Send data to asyncio coroutine

Javier jcarmena at gmail.com
Tue Jul 28 18:41:05 EDT 2015


El martes, 28 de julio de 2015, 23:18:11 (UTC+2), Javier  escribió:
> El martes, 21 de julio de 2015, 15:42:47 (UTC+2), Ian  escribió:
> > On Tue, Jul 21, 2015 at 5:31 AM,  <jcarmena at gmail.com> wrote:
> > > Hello, I'm trying to understand and link asyncio with ordinary coroutines.

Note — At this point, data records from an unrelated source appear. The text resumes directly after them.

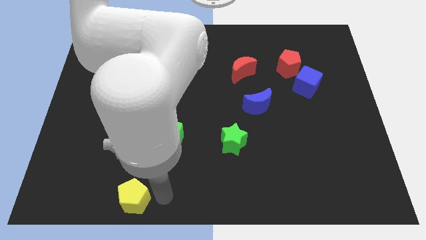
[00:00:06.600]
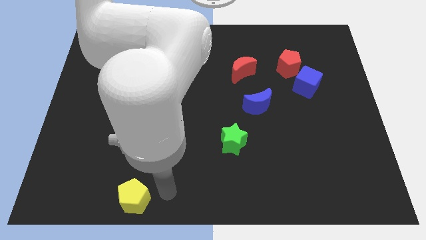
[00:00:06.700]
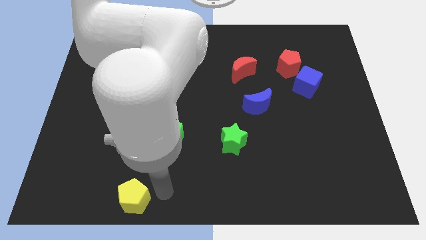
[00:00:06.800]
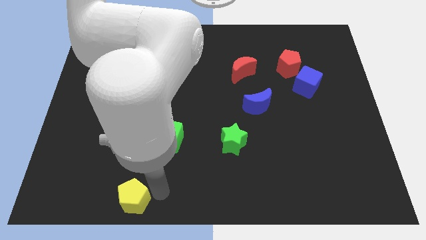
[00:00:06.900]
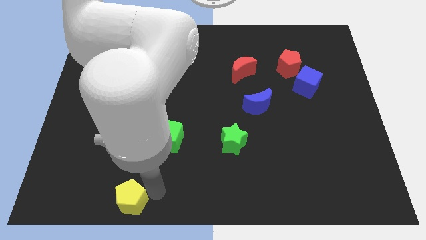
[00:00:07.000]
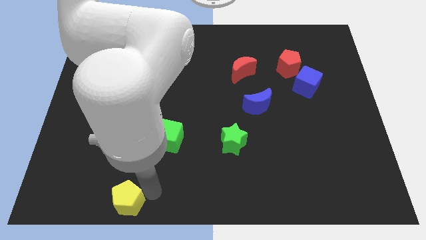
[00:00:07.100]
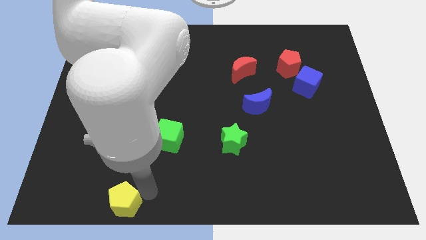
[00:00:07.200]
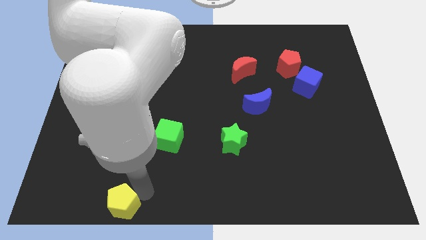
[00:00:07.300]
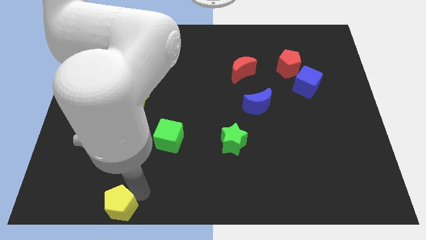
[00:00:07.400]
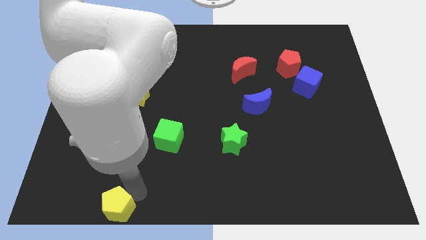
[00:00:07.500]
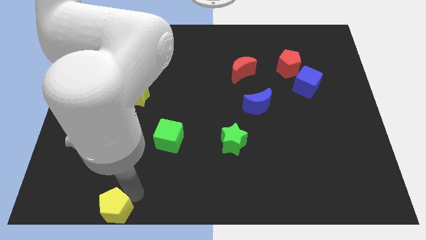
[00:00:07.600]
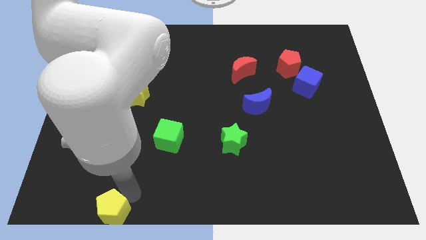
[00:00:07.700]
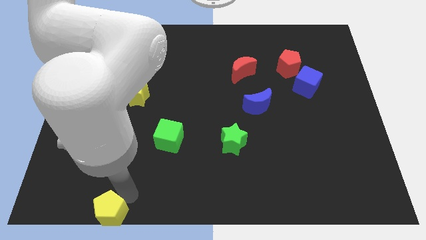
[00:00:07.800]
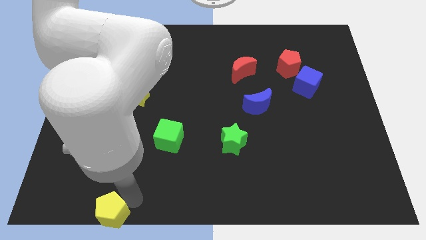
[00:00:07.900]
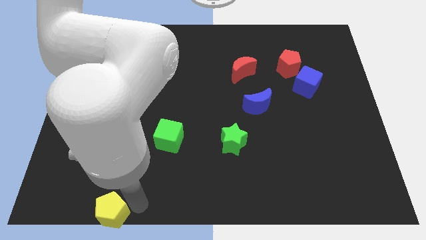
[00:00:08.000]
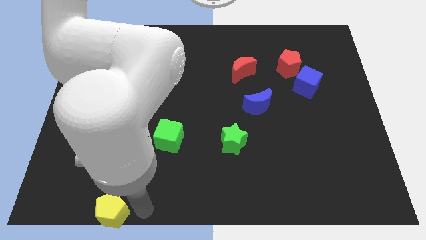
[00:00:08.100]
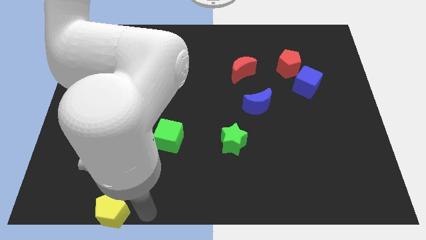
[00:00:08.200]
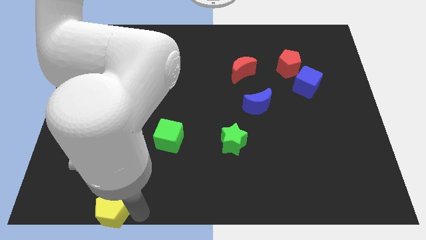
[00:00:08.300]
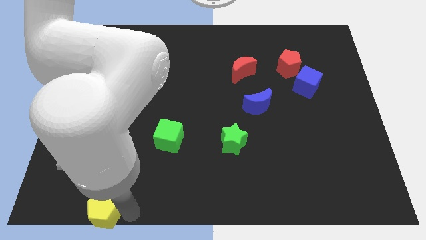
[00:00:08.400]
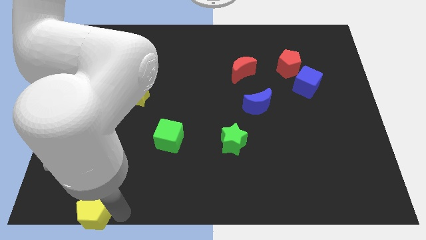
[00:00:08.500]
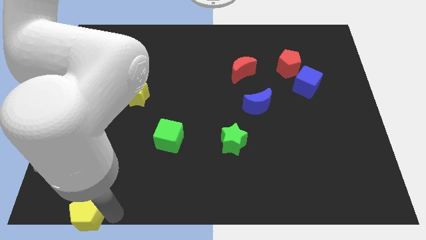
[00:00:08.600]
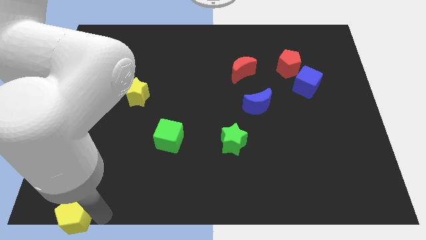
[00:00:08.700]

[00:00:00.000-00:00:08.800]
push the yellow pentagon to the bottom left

Now I just want to understand how to do this on asyncio:
> > >
> > >
> > > def foo():
> > >     data = yield 8
> > >     print(data)
> > >     yield "bye"
> > >
> > > def bar():
> > >     f = foo()
> > >     n = f.next()
> > >     print(n)
> > >     message = f.send("hello")
> > >     print(message)
> > >
> > >
> > > What is the equivalent for coro.send("some data") in asyncio?
> > 
> > I don't know of any reason why you couldn't do it just like the above.
> > However, the exchange would not be asynchronous, if that is your goal.
> > 
> > > coro.send on an asyncio coroutine throws AssertionError: yield from wasn't used with future.
> > 
> > So somehow a future got involved where it shouldn't have been. What
> > was the actual code that you tried to run?
> > 
> > Note that while "yield" and "yield from" look similar, they are quite
> > different, and you cannot send to a generator that is currently paused
> > at a "yield from".
> > 
> > If you want to emulate bidirectional communication similar to
> > coro.send asynchronously, I think you'll need to use Futures to
> > mediate, something like this (lightly tested):
> > 
> > @asyncio.coroutine
> > def foo(fut):
> >     data, fut = yield from send_to_future(8, fut)
> >     print("foo", data)
> >     fut.set_result("bye")
> > 
> > @asyncio.coroutine
> > def bar():
> >     n, fut = yield from start_coro(foo)
> >     print("bar", n)
> >     message = yield from send_to_future("hello", fut)
> >     print("bar", message)
> > 
> > def start_coro(coro):
> >     future = asyncio.Future()
> >     asyncio.async(coro(future))
> >     return future
> > 
> > def send_to_future(data, future):
> >     new_future = asyncio.Future()
> >     future.set_result((data, new_future))
> >     return new_future
> 
> 
> 
> 
> Hello again. I have been investigating a bit your example. I don't understand why I can't write something like this:
> 
> --------
> 
> import asyncio
> 
> def foo():
>     print("start foo")
>     try:
>         while True:
>             val = yield
>             print("foo:", val)
>             yield from asyncio.sleep(3)
>     except GeneratorExit:
>         print("foo closed")
>     print("exit foo")
> 
> def bar(next):
>     print("start bar")
>     next.send(None)
>     try:
>         while True:
>             val = yield
>             next.send("bar/"+val)
>     except GeneratorExit:
>         print("bar closed")
>     print("exit bar")
> 
> def fun(next):
>     next.send(None)
>     for e in ["hello", "world", "I'm", "pythonist"]:
>         next.send(e)
> 
> @asyncio.coroutine
> def run():
>     fun(bar(foo()))
> 
> loop = asyncio.get_event_loop()
> loop.run_until_complete(run())
> loop.close()
> 
> -------
> 
> The expected output is:
> 
> start bar
> start foo
> foo: bar/hello
> foo: bar/world
> foo: bar/I'm
> foo: bar/phytonist
> bar closed
> exit bar
> foo closed
> exit foo
> 
> But the yield from asyncio.sleep(3) call raises AssertionError, however it's inside a Task!
> I think this is a big flaw in python/asyncio design.


I think that force the developer to 'yield from' all function calls to keep async capabilities is a big mistake, it should be more flexible, like this:

import asyncio

@asyncio.coroutine
fun non_blocking_io():
    """ Everybody knows I'm doing non blocking IO """
    ...

fun foo():
    """ I invoke functions that do IO stuff """
    data = yield from non_blocking_io()
    yield from store_data_db(data)
    ...

fun bar():
    """ I don't know what foo implementation does """
    foo()

asyncio.async(bar())


Does python 3.5 await/async solve this?